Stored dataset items
··········
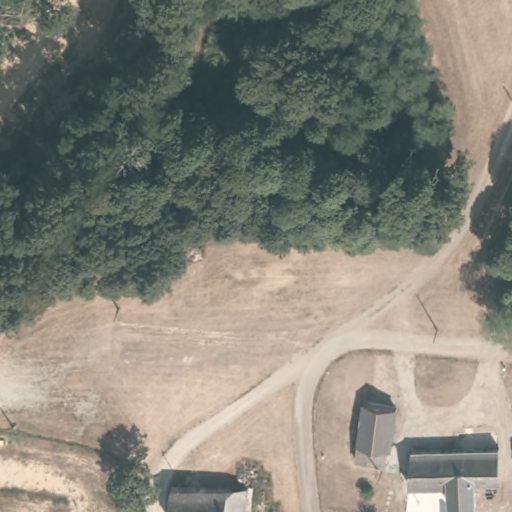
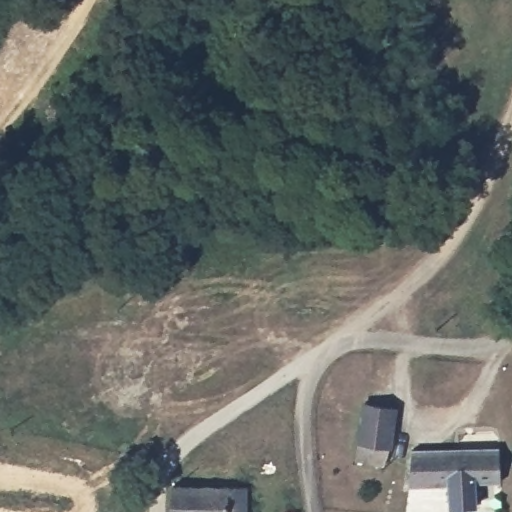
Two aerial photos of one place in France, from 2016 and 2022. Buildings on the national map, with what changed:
unchanged [(364,408),(392,412),(386,458),(383,458),(381,472),(355,467),(364,408)]
unchanged [(500,489),(449,490),(410,489),(408,454),(500,454),(500,489)]
unchanged [(166,491),(224,493),(242,493),(242,512),(166,512),(166,491)]

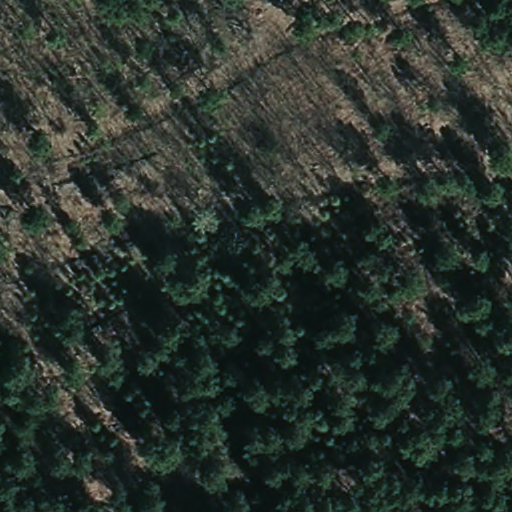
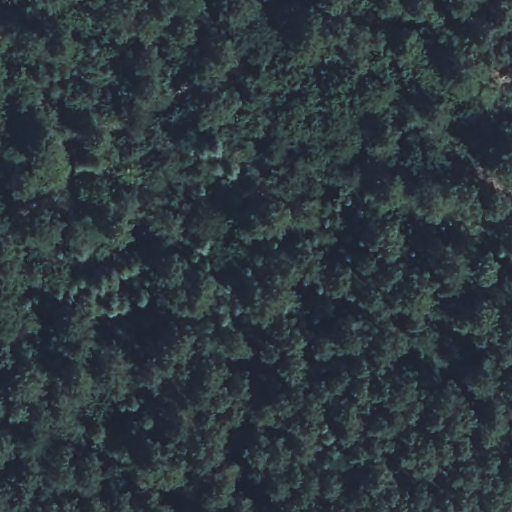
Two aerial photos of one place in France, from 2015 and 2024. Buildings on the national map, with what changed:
[]

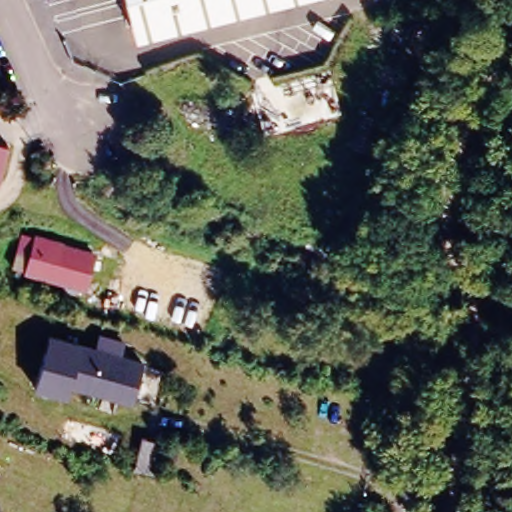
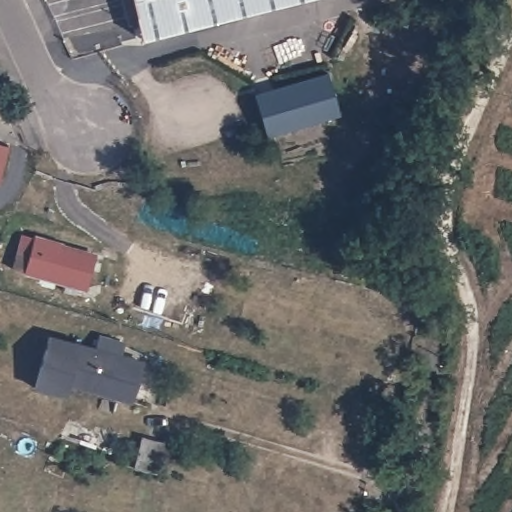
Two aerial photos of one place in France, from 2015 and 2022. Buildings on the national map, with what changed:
unchanged [(132,0),(297,0),(141,39),(132,0)]
new [(264,133),(252,96),(332,75),(344,111),(264,133)]
unchanged [(0,171),(0,142),(6,144),(0,171)]
unchanged [(55,245),(91,255),(81,290),(20,272),(6,268),(16,232),(30,236),(56,244),(55,245)]
unchanged [(38,377),(50,331),(97,349),(101,336),(123,342),(120,355),(143,362),(131,403),(38,377)]
unchanged [(160,434),(175,439),(169,462),(155,459),(150,475),(128,470),(131,456),(119,453),(124,433),(136,436),(157,442),(160,434)]
··········
- [PROBLEM REQUIREMENTS] The finished copy should match the data above word for word and contain no pictures.

- [EXERCISE RESULT]
Two aerial photos of one place in France, from 2016 and 2022. Buildings on the national map, with what changed:
unchanged [(364,408),(392,412),(386,458),(383,458),(381,472),(355,467),(364,408)]
unchanged [(500,489),(449,490),(410,489),(408,454),(500,454),(500,489)]
unchanged [(166,491),(224,493),(242,493),(242,512),(166,512),(166,491)]

Two aerial photos of one place in France, from 2015 and 2024. Buildings on the national map, with what changed:
[]

Two aerial photos of one place in France, from 2015 and 2022. Buildings on the national map, with what changed:
unchanged [(132,0),(297,0),(141,39),(132,0)]
new [(264,133),(252,96),(332,75),(344,111),(264,133)]
unchanged [(0,171),(0,142),(6,144),(0,171)]
unchanged [(55,245),(91,255),(81,290),(20,272),(6,268),(16,232),(30,236),(56,244),(55,245)]
unchanged [(38,377),(50,331),(97,349),(101,336),(123,342),(120,355),(143,362),(131,403),(38,377)]
unchanged [(160,434),(175,439),(169,462),(155,459),(150,475),(128,470),(131,456),(119,453),(124,433),(136,436),(157,442),(160,434)]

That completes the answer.